Shéhérazade voit s’approcher la côte américaine depuis les ailes d’un ange qu’elle nomme son nouveau prophète Josué. Ce Jet Phasme – du latin phasma : fantôme, nom d’insectes filiformes imitant la forme d’une brindille –, merveille de la technologie, peut se poser sur la pelouse de la Maison Blanche comme il vient de le prouver sur les places Maïdan et du Colonel Fabien. Cette conversation par-dessus l’océan n’a pour Josué pas plus de réalité que l’Atlantide. A ses yeux je suis une créature fictive et je le lui laisse croire. Ainsi badine-t-il comme avec un être imaginaire. Il faut voir les choses au-dessus de la mêlée, me dit-il, tout en larguant ses bombes selon le dessein du Dieu des Armées. Non sans être capable de poser son jet au milieu d’une bataille sécurisée par l’OTAN. C’est ce qui s’appelle être un écrivain. Ce week-end je suis à Kiev, à Washington et à Paris pour un colloque. De la guerre en littérature. Lisez la page dans le supplément du Monde. Je lui fais remarquer que l’article commence par ce vieux mensonge attribuant à Platon l’exclusion de l’aède de la cité idéale. Pour combattre la canaille, répond-il, notre armée a besoin de crapules, de fripouilles et de scélérats. N’en suis-je pas un bel exemple ? Au-delà de la mer est un pays merveilleux que rejoignent les âmes des morts. Ainsi rêvaient les Indiens qui peuplaient cette rive américaine en se tournant vers l’Atlantide. Leur croyance au mana, terme attesté sur tous les continents, faisait appeler Mana Hata ce qui serait Manhattan. Le futur Big Apple aurait pour prix d’achat 24 dollars. N’était-ce pas trop payer une Terre promise par Yahvé ? Dans toute la conquête coloniale, sourit-il, il est certain que les Indiens furent comme Nègres et Slaves une descendance de Cham. Ce qui compte, c’est l’union de Sem et Japhet… Avec mon Jet Phasme, chantonne-t-il, je suis le Set Japhme, je suis Sem Japhet ! Heureux de sa trouvaille, il enchaîne sur une réflexion sérieuse.
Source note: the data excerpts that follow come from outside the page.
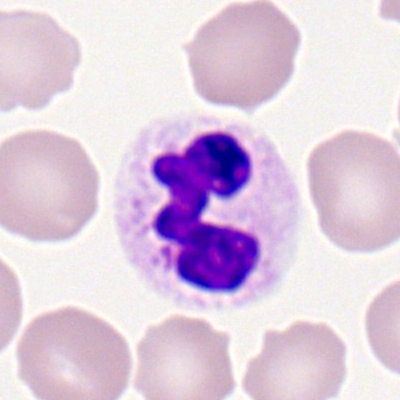

Showing a segmented neutrophil.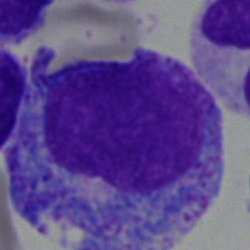

Morphology — promyelocyte.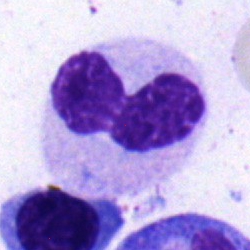
Q: Identify the cell.
A: This is a neutrophil (segmented).
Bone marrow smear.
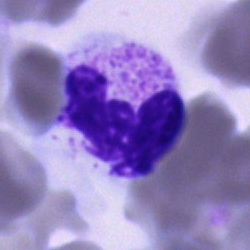Specimen: bone marrow smear.
Cell: segmented neutrophil.
Lineage: myeloid.
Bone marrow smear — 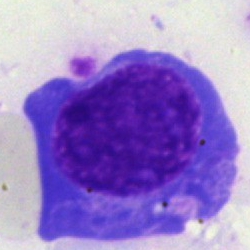 Single cell identified as an erythroblast.
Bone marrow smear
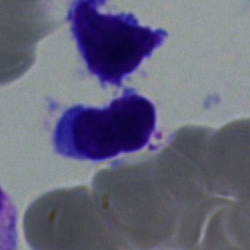A typical lymphocyte.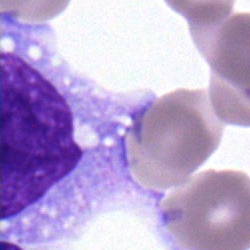
Single cell identified as a monocyte.
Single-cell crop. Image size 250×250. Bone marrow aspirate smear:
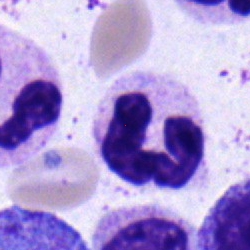

Single cell identified as a polymorphonuclear neutrophil.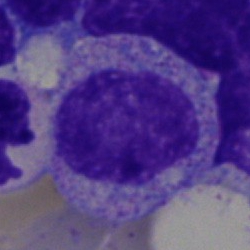

Morphology — myelocyte.
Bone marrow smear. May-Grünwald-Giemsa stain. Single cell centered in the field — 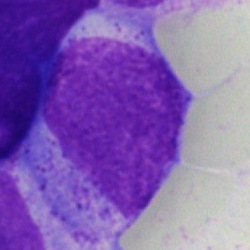 This is an undifferentiated blast.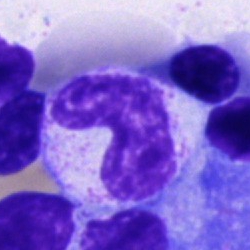 Morphology — band-form neutrophil.
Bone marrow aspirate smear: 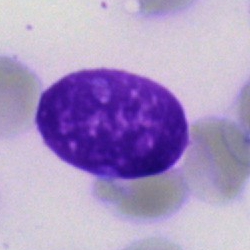
Q: What is shown here?
A: It is an artefact.
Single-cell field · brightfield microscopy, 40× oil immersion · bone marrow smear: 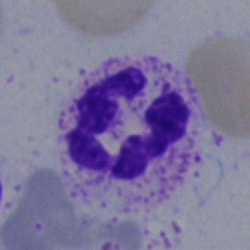 Morphological class: polymorphonuclear neutrophil.
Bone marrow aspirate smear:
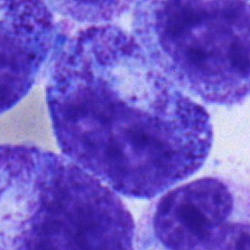Morphological class: lymphocyte.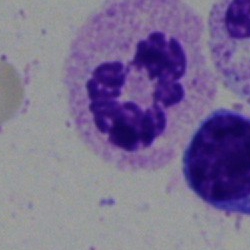
Single cell identified as a segmented neutrophil.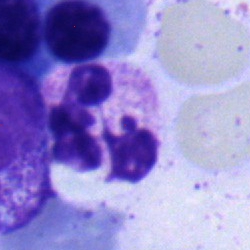{"cell_type": "segmented neutrophil", "lineage": "myeloid"}
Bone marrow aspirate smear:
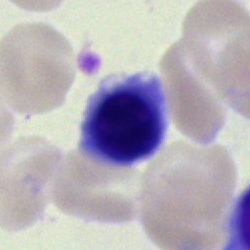Cell: nucleated red cell.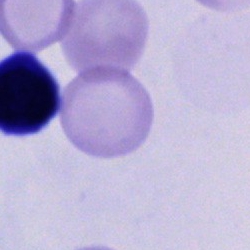 This is a cell of indeterminate lineage.
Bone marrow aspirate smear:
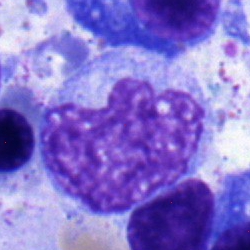

Morphology → monocyte.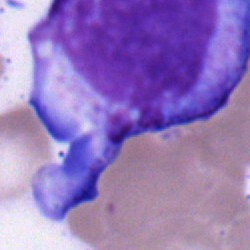
Morphological class = blast.
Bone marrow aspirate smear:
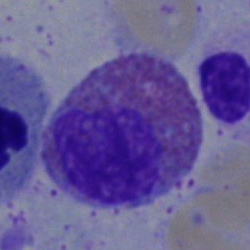

Showing an eosinophilic granulocyte.
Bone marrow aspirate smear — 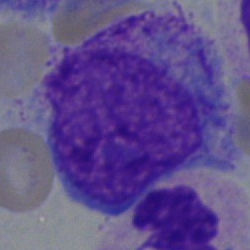 This is a promyelocyte.
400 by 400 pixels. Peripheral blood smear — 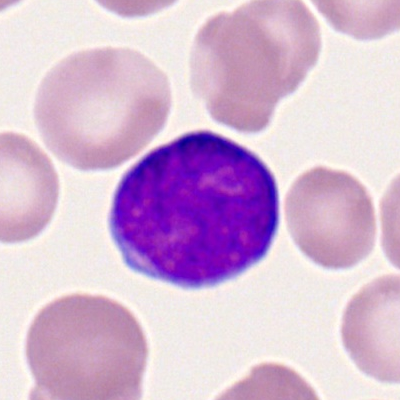
Morphology consistent with a lymphocyte.
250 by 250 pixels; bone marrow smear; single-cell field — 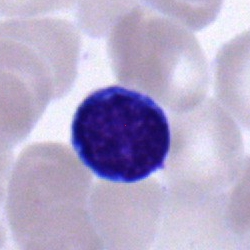This is a lymphocyte.
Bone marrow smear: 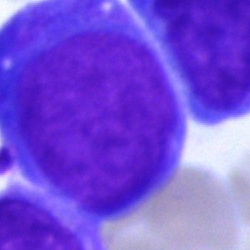

Blast.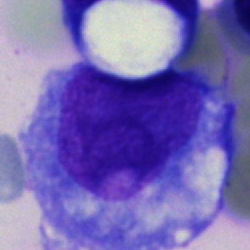 The morphological class is monocyte.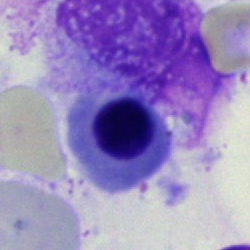

The cell type is nucleated red cell.
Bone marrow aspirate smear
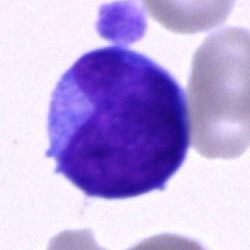 This is a blast cell.
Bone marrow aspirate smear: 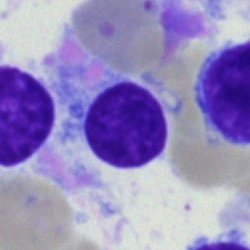
Morphological class — typical lymphocyte.
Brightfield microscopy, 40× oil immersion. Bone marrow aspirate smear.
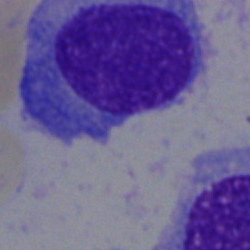

Morphological class — plasma cell.
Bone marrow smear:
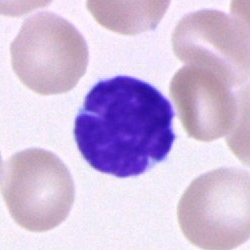
This is a typical lymphocyte.
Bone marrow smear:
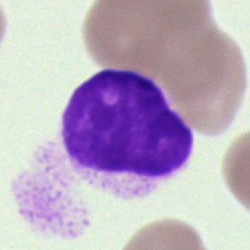

Morphology — artifact.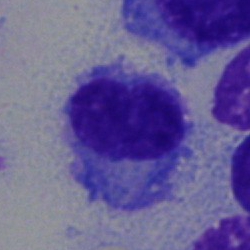
Q: What is shown here?
A: A plasmacyte.
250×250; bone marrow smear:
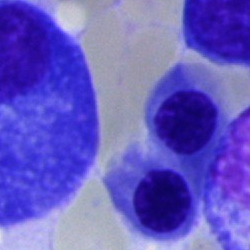

Nucleated red blood cell.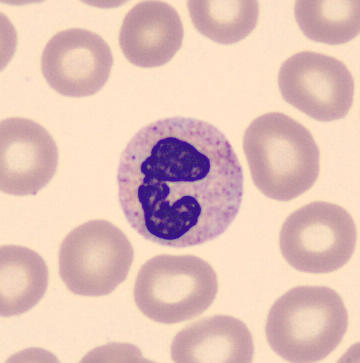Peripheral blood smear.

Cell: segmented neutrophil.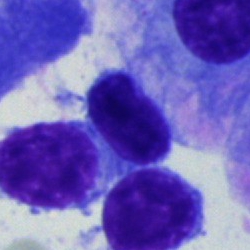 The cell type is typical lymphocyte.
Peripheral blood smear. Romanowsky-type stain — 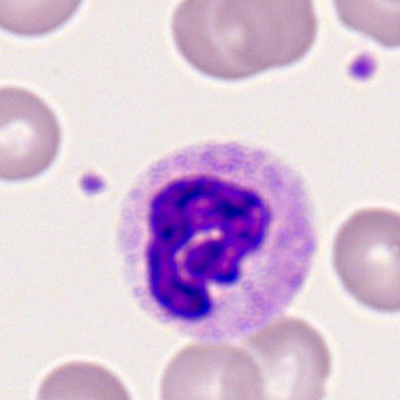 The cell type is polymorphonuclear neutrophil.
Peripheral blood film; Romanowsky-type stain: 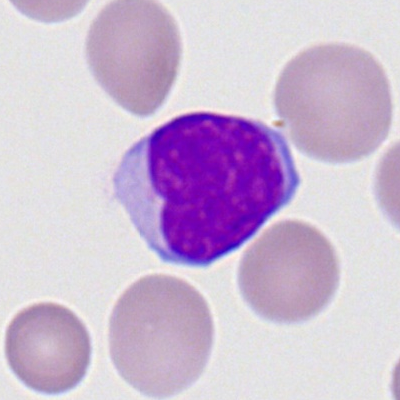Single cell identified as a lymphocyte.
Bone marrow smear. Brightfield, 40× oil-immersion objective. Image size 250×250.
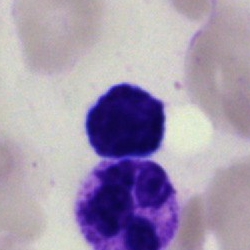

Lymphocyte.
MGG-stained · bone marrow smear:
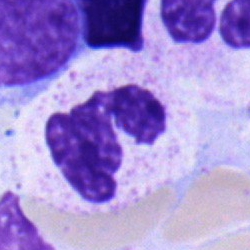
Cell = polymorphonuclear neutrophil.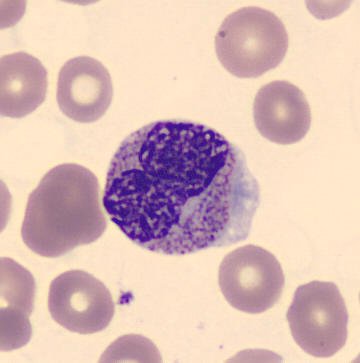 Q: What cell is this?
A: This is a metamyelocyte.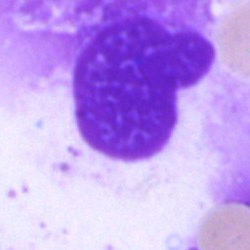 Q: What is shown here?
A: Artefact.
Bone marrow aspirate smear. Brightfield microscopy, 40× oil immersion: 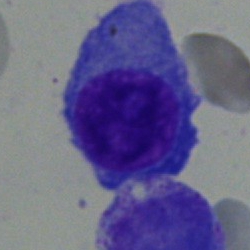
Q: What cell is this?
A: It is a plasmacyte.
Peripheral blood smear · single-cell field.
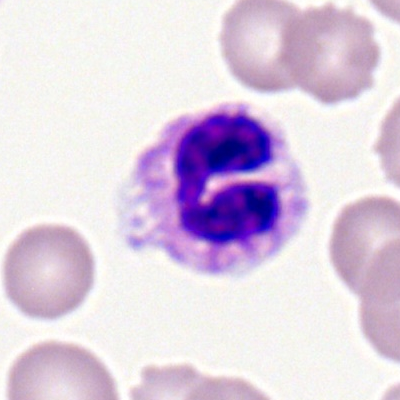

Neutrophil (segmented).
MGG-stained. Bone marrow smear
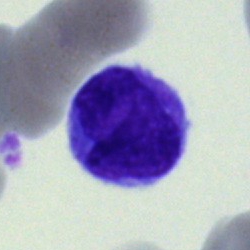
Cell type: monocyte.

Comment réduire la sensation de fracture entre gagnants et perdants, si le logiciel biblique divise winners et losers, élus et damnés ? L’intégration de Kapitotal sème une désintégration sociale et l’intégrisme de la tour Panoptic entraîne un désir d’intégrité. Seule solution comme en 1914 : l’UNION SACREE ! J’applaudis bien fort et je l’enlace amoureusement. UNION SACREE, m’exclamé-je, UNE RION SACE, UNE RACE SION !...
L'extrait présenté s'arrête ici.